If I understood correctly from our fast talking sales lady, the higher the ply the more pressure is needed in the tire when towing-but not when you're not towing. Sounds like a pain in the bum to have to add air or whatever before heading out and then releasing it when home and making regular runs. Just another thing to have to do.

Sorry if I am ranting, but I DO NOT like not understanding what is going on and with this whole trailer thing still being new to us (had it for 1 month), i'm going nuts.







Everything that comes up is a new thing to have to figure out. What's worse is that I understand things so much better by seeing-which is hard to work with when we don't have anyone available to show us. Ok, i'm sorry for going on and on.

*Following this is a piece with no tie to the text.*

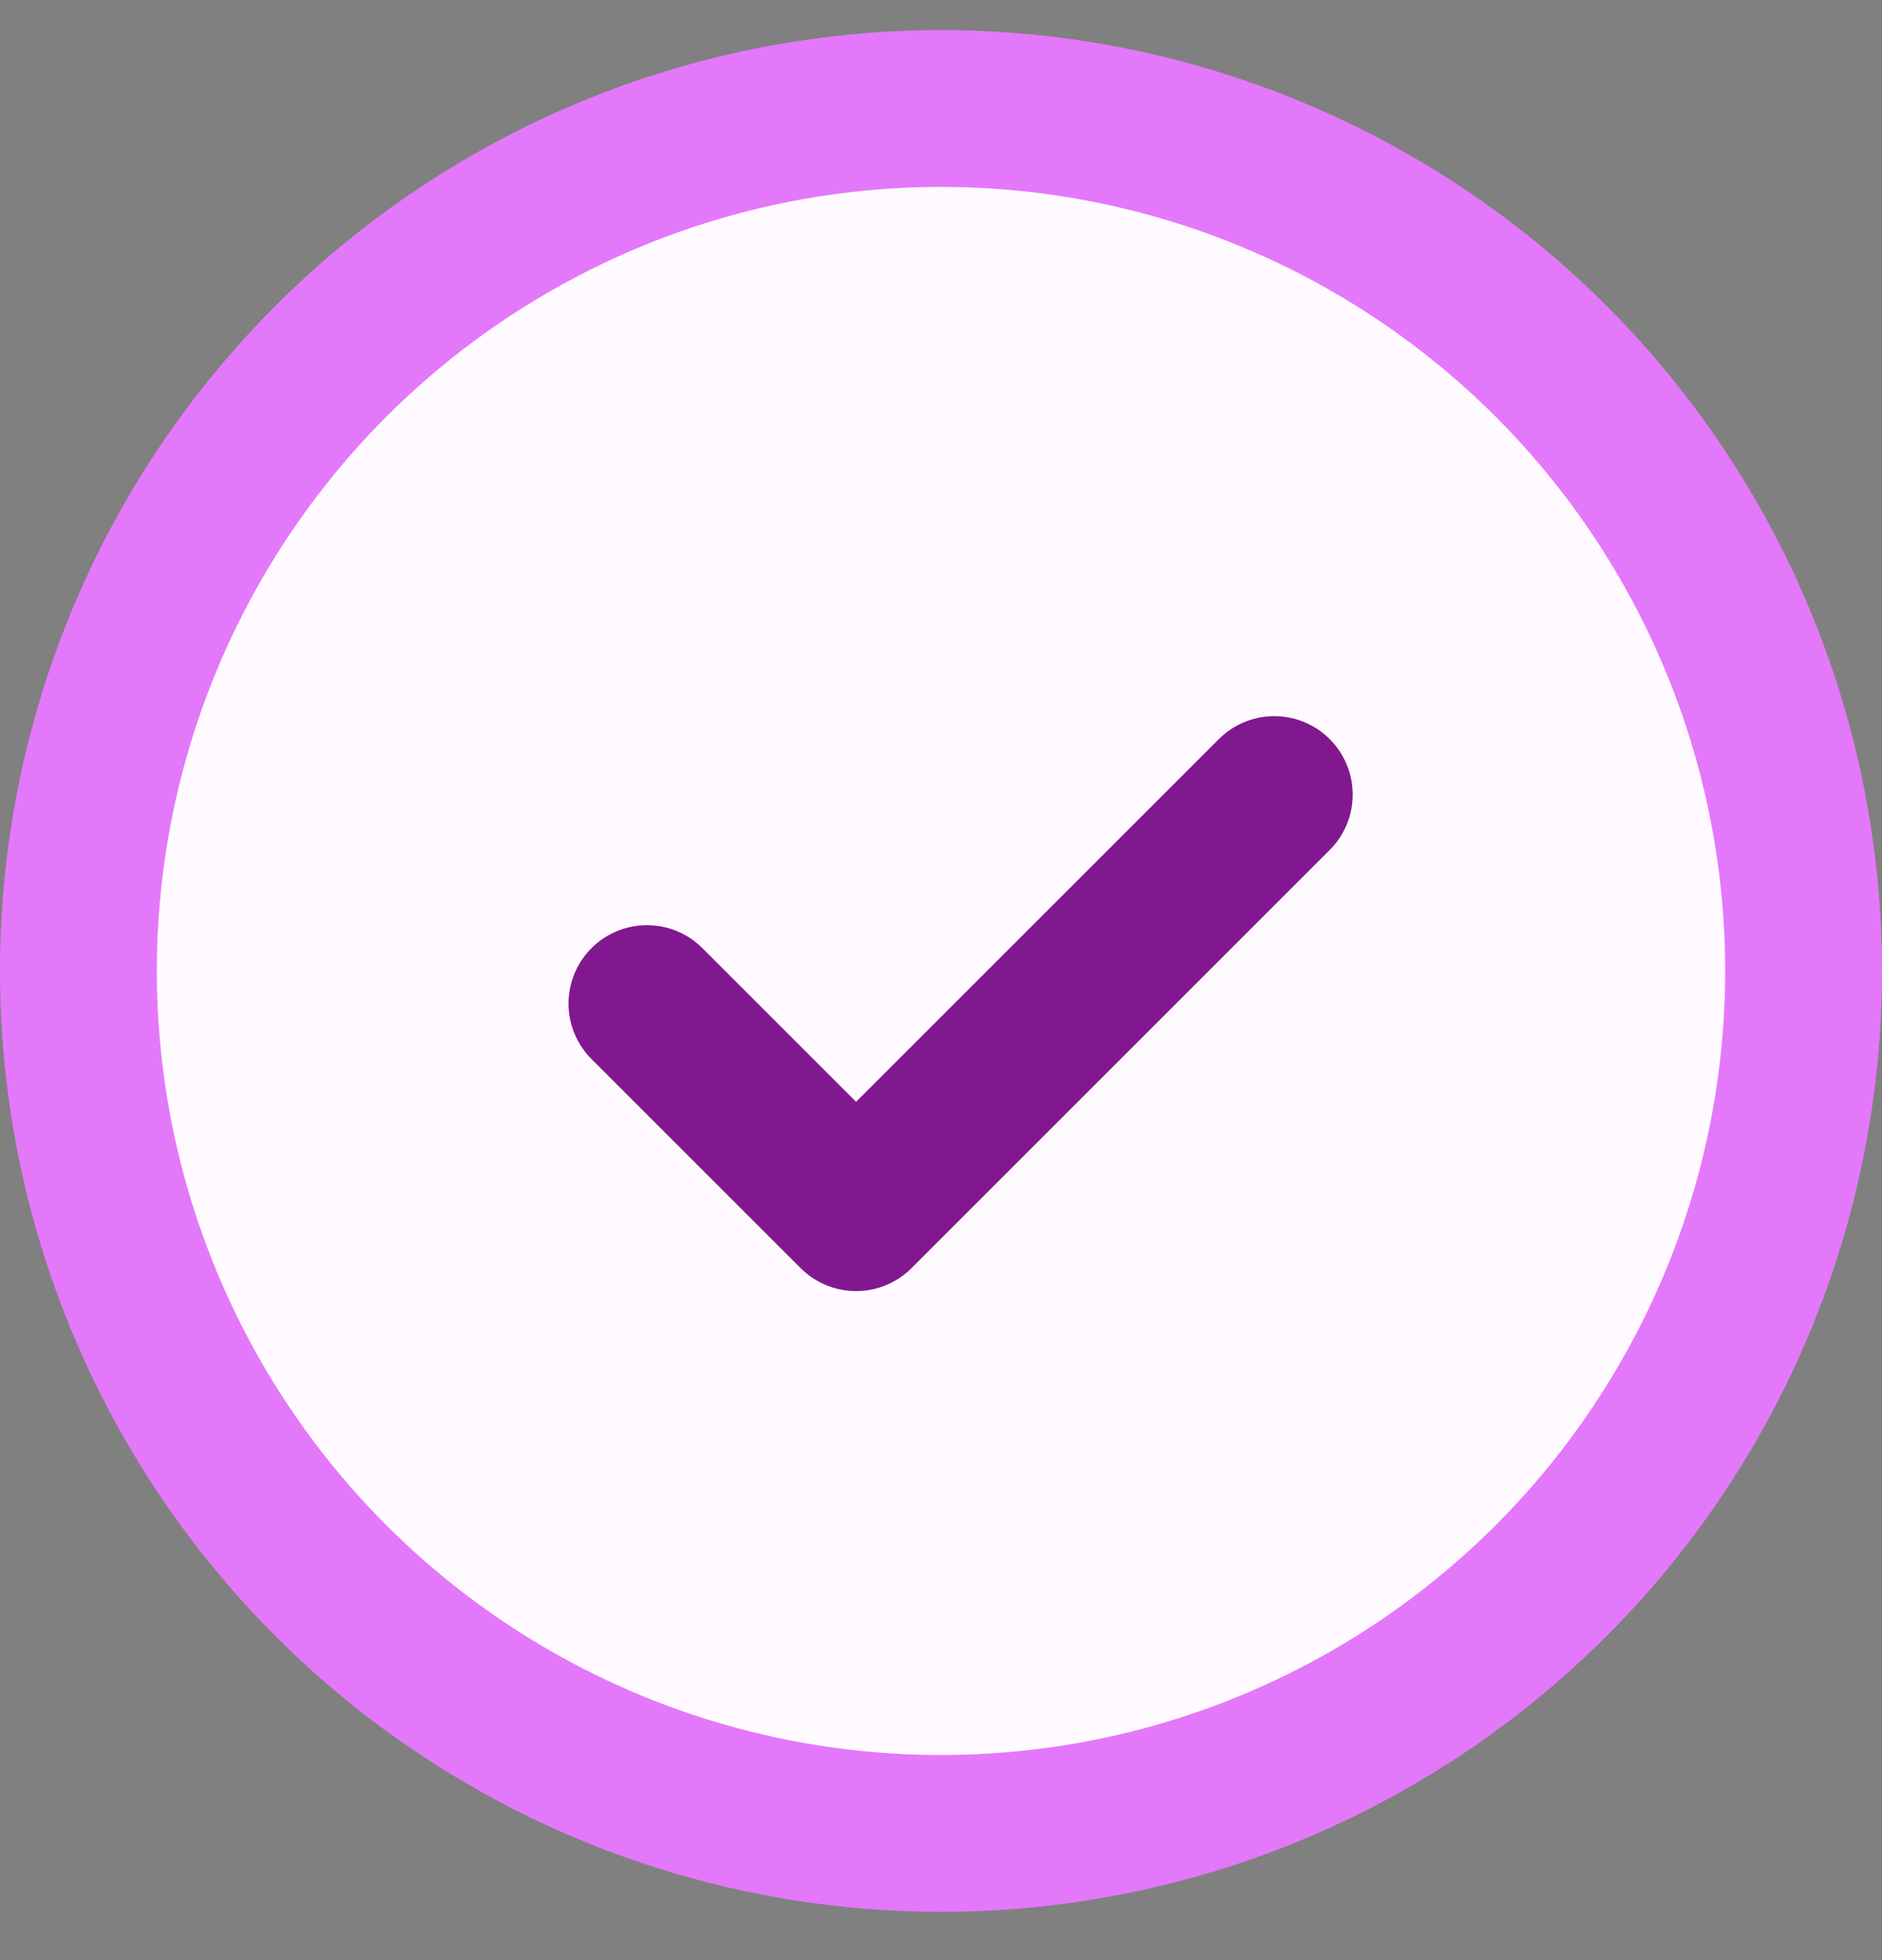 <svg xmlns="http://www.w3.org/2000/svg" width="24" height="25" viewBox="0 0 24 25" fill="none"><rect x="0" y="0" width="24" height="25" fill="#808080" stroke="none"/><circle cx="12" cy="12.384" r="11" fill="#FEFAFF" stroke="#E478FA" stroke-width="2"></circle><path d="M8.25 12.8L10.917 15.467L16.25 10.134" stroke="#821890" stroke-width="2" stroke-linecap="round" stroke-linejoin="round"></path></svg>

Back to my original questions...what is a ply and what is it's relation to towing?

Once again, thank you in advance for your information.


----------



## aplvlykat (Jan 25, 2004)

Hi Rennerbee, I don't know how the ply's work as far air presure goes but the more ply's in the sidewall the stiffer the ride. All you really need is an LT tire load range D or E (overkill). Before you buy check out WWW.TIRERACK.COM they have alot of good info and do comparison between all makes of tires. I ended up replacing my stock tires with Yokahama because of the rating they gave them and they cost out the door at America's tire store $106.00 apeice. They have around 16000 on them now and show no signs of wear and are queit going down the road. Hope this helps. Kirk


----------



## jallen58 (Oct 27, 2003)

The ply rating is the number of layers of steel,nylon.etc that the tire has. the higher the ply rating the higher the load capacity. 10 ply tires are recommended for towing. I have 10 ply's on my burb and they ride fine.

Jim


----------



## CamperAndy (Aug 26, 2004)

Think of the ply as in toilet paper







! Two ply is better than 1 ply paper as it holds up better under stress shy .

10 ply tires have a lot more load carrying ability than 4 ply but need higher pressure to do it. You should not have to bounce between two different pressures but you may notice a stiffer ride when you are not towing.


----------



## BigBadBrain (Aug 26, 2004)

So, CamperAndy, do you use 10-ply?


----------